**WHAT YOU HAVE TO DO**: Leaving out every image, restate all the records word for word.

**EXCERPTED RECORDS**:
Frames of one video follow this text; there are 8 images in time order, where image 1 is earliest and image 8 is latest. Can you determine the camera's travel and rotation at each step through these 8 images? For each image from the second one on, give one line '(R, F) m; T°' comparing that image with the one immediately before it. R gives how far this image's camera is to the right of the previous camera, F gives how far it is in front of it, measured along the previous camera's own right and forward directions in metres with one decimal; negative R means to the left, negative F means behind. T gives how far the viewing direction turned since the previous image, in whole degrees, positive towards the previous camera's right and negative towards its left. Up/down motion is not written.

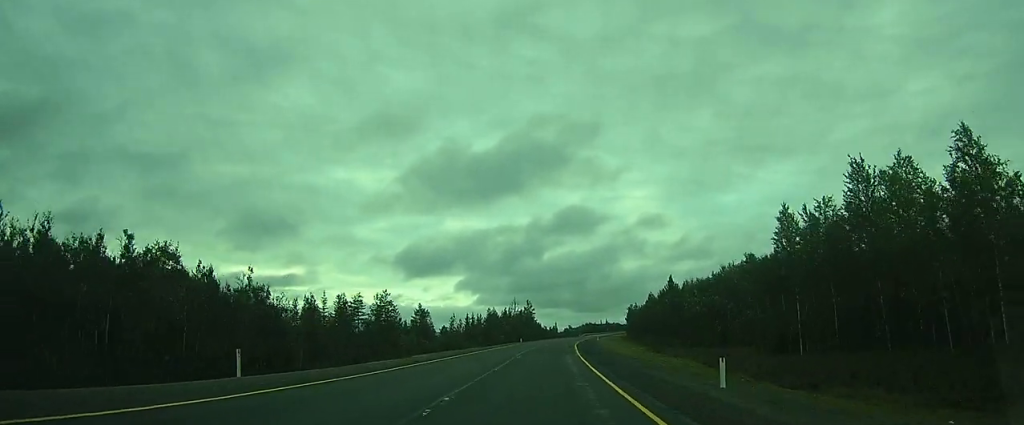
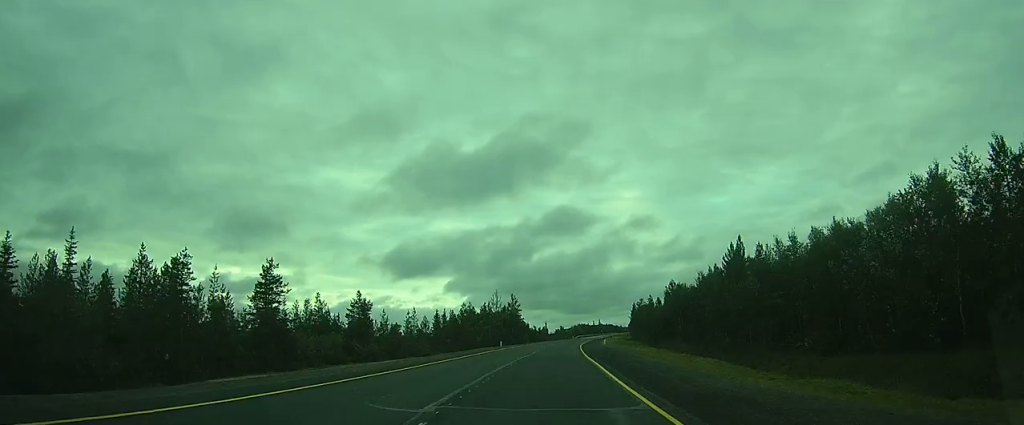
(+0.1, +26.8) m; +1°
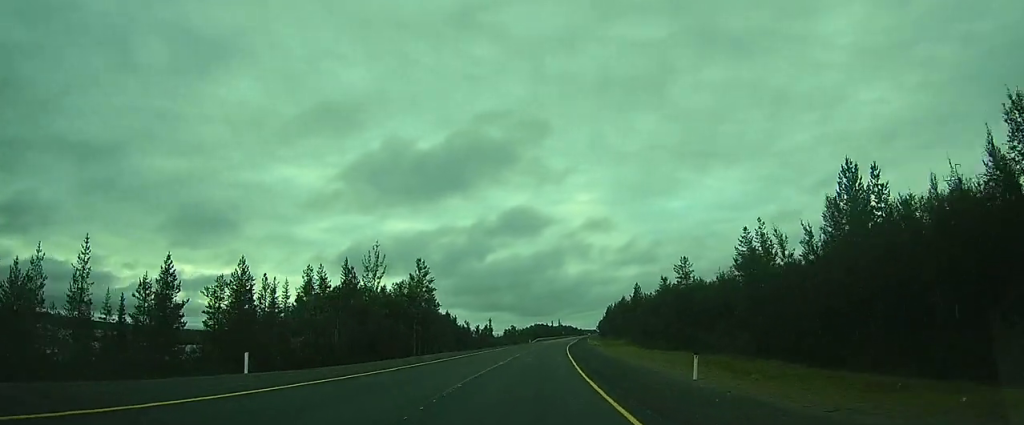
(+1.8, +57.4) m; +3°
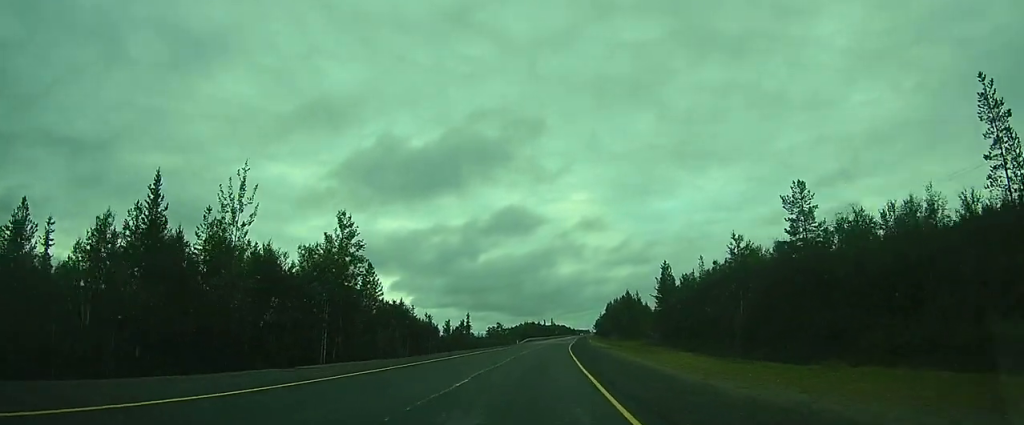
(+0.1, +23.2) m; +1°
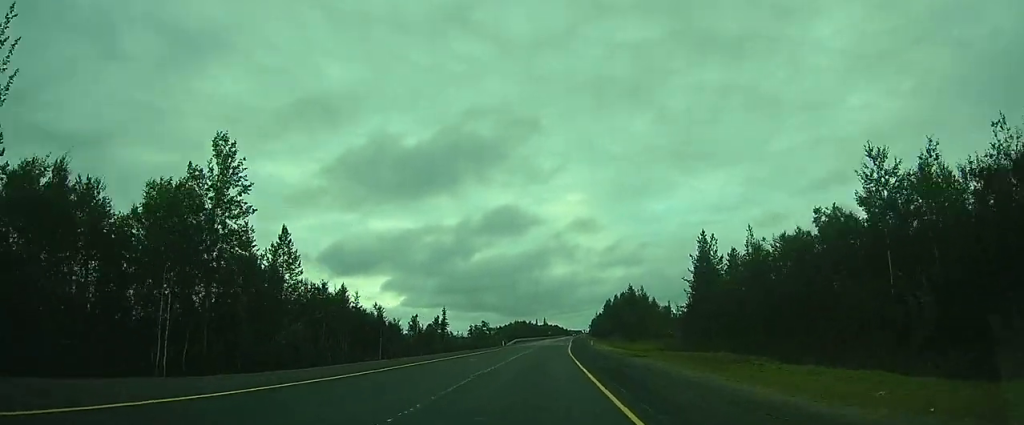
(+0.1, +16.3) m; +1°
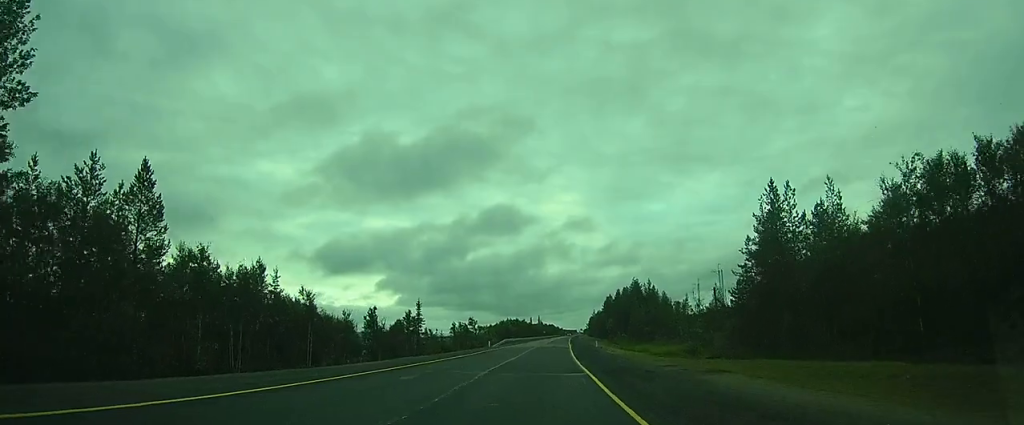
(+0.1, +13.5) m; +1°
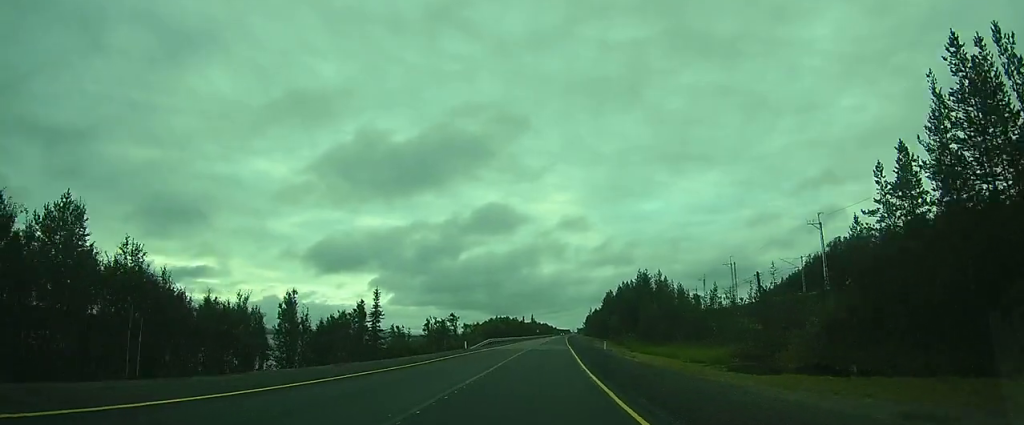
(+0.1, +15.0) m; +1°
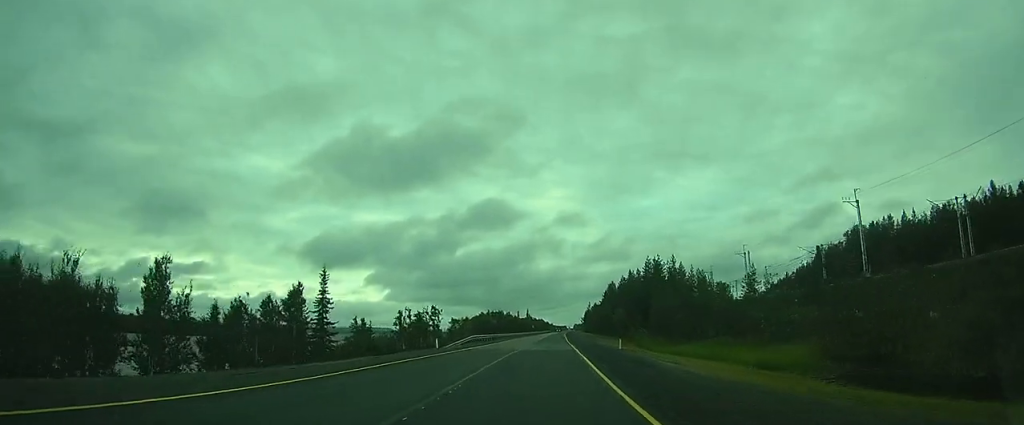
(+0.1, +12.2) m; +1°
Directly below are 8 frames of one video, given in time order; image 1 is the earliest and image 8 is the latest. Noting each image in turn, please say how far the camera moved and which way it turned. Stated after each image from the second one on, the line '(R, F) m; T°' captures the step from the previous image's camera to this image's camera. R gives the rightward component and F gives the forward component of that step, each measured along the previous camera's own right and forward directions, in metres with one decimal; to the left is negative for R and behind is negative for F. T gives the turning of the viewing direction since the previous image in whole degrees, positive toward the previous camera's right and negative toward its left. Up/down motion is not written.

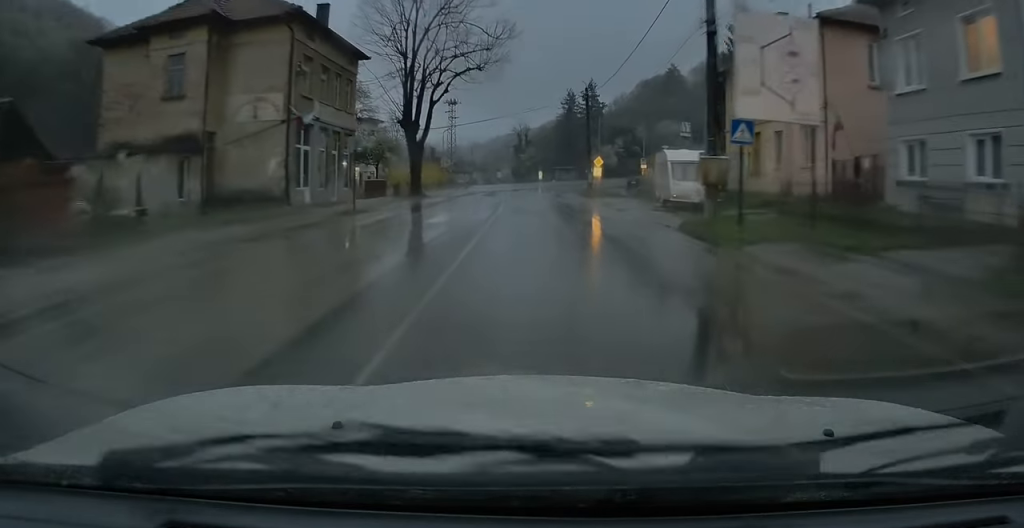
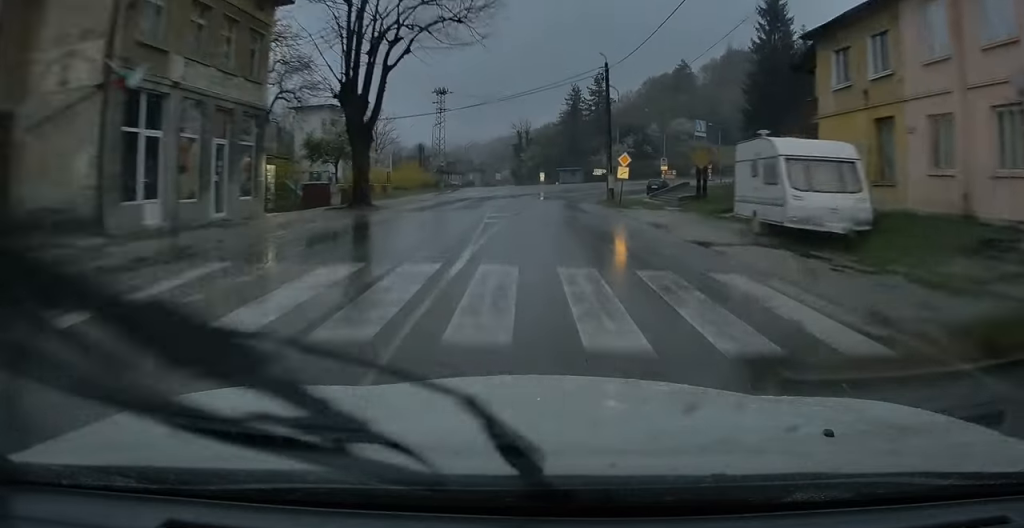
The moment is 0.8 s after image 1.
(-0.1, +12.1) m; +1°
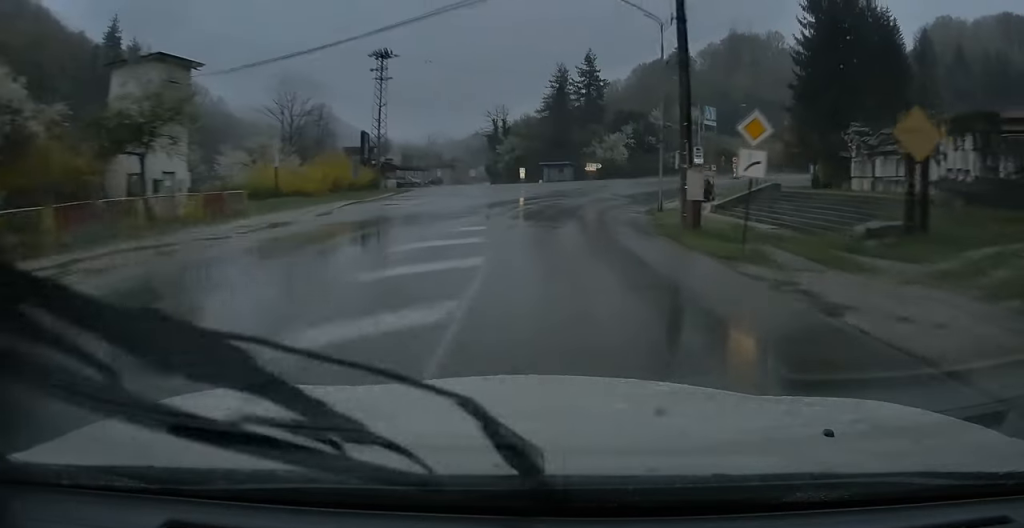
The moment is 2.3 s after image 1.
(+0.7, +23.8) m; +4°
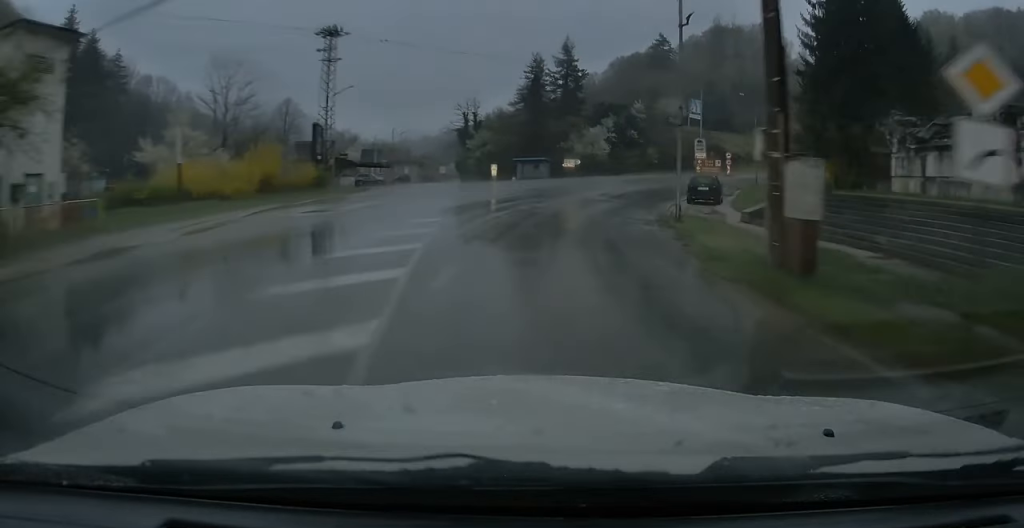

**WORKED SOLUTION**:
Frames of one video follow this text; there are 8 images in time order, where image 1 is earliest and image 8 is latest. Can you determine the camera's travel and rotation at each step through these 8 images? For each image from the second one on, give one line '(R, F) m; T°' comparing that image with the one immediately before it. R gives how far this image's camera is to the right of the previous camera, F gives how far it is in front of it, measured along the previous camera's own right and forward directions in metres with one decimal; negative R means to the left, negative F means behind. T gives how far the viewing direction turned since the previous image, in whole degrees, positive towards the previous camera's right and negative towards its left. Up/down motion is not written.

(+0.1, +26.8) m; +1°
(+1.8, +57.4) m; +3°
(+0.1, +23.2) m; +1°
(+0.1, +16.3) m; +1°
(+0.1, +13.5) m; +1°
(+0.1, +15.0) m; +1°
(+0.1, +12.2) m; +1°
Directly below are 8 frames of one video, given in time order; image 1 is the earliest and image 8 is the latest. Noting each image in turn, please say how far the camera moved and which way it turned. Stated after each image from the second one on, the line '(R, F) m; T°' captures the step from the previous image's camera to this image's camera. R gives the rightward component and F gives the forward component of that step, each measured along the previous camera's own right and forward directions, in metres with one decimal; to the left is negative for R and behind is negative for F. T gives the turning of the viewing direction since the previous image in whole degrees, positive toward the previous camera's right and negative toward its left. Up/down motion is not written.

The moment is 0.8 s after image 1.
(-0.1, +12.1) m; +1°
The moment is 2.3 s after image 1.
(+0.7, +23.8) m; +4°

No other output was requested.